Extracted data entries
-=-=-
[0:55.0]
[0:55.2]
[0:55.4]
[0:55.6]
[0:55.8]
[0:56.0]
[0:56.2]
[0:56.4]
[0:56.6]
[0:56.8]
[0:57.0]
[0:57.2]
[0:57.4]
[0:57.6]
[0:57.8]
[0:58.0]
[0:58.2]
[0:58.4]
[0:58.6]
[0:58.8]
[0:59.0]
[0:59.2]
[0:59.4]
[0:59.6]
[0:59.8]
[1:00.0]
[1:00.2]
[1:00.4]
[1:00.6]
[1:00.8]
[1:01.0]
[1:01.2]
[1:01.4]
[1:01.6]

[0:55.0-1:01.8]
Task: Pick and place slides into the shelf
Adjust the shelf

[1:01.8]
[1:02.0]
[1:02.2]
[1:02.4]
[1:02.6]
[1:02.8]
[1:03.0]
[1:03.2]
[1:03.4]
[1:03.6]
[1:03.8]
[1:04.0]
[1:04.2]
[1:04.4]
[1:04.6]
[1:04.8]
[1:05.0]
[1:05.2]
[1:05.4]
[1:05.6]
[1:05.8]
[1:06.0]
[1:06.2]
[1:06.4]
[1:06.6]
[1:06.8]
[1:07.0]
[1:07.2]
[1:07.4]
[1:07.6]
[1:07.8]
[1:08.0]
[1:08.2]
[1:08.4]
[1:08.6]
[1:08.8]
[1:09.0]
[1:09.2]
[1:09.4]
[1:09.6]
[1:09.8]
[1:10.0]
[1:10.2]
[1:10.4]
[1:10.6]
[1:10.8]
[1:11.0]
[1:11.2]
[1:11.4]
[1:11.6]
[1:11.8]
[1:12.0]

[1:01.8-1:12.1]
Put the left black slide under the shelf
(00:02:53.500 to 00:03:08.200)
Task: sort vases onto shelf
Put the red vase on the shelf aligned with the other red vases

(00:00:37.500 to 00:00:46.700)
-=-=-
◆ About this task
Each entry needs to be copied out exactly.

◆ Written answer
[0:55.0]
[0:55.2]
[0:55.4]
[0:55.6]
[0:55.8]
[0:56.0]
[0:56.2]
[0:56.4]
[0:56.6]
[0:56.8]
[0:57.0]
[0:57.2]
[0:57.4]
[0:57.6]
[0:57.8]
[0:58.0]
[0:58.2]
[0:58.4]
[0:58.6]
[0:58.8]
[0:59.0]
[0:59.2]
[0:59.4]
[0:59.6]
[0:59.8]
[1:00.0]
[1:00.2]
[1:00.4]
[1:00.6]
[1:00.8]
[1:01.0]
[1:01.2]
[1:01.4]
[1:01.6]

[0:55.0-1:01.8]
Task: Pick and place slides into the shelf
Adjust the shelf

[1:01.8]
[1:02.0]
[1:02.2]
[1:02.4]
[1:02.6]
[1:02.8]
[1:03.0]
[1:03.2]
[1:03.4]
[1:03.6]
[1:03.8]
[1:04.0]
[1:04.2]
[1:04.4]
[1:04.6]
[1:04.8]
[1:05.0]
[1:05.2]
[1:05.4]
[1:05.6]
[1:05.8]
[1:06.0]
[1:06.2]
[1:06.4]
[1:06.6]
[1:06.8]
[1:07.0]
[1:07.2]
[1:07.4]
[1:07.6]
[1:07.8]
[1:08.0]
[1:08.2]
[1:08.4]
[1:08.6]
[1:08.8]
[1:09.0]
[1:09.2]
[1:09.4]
[1:09.6]
[1:09.8]
[1:10.0]
[1:10.2]
[1:10.4]
[1:10.6]
[1:10.8]
[1:11.0]
[1:11.2]
[1:11.4]
[1:11.6]
[1:11.8]
[1:12.0]

[1:01.8-1:12.1]
Put the left black slide under the shelf
(00:02:53.500 to 00:03:08.200)
Task: sort vases onto shelf
Put the red vase on the shelf aligned with the other red vases

(00:00:37.500 to 00:00:46.700)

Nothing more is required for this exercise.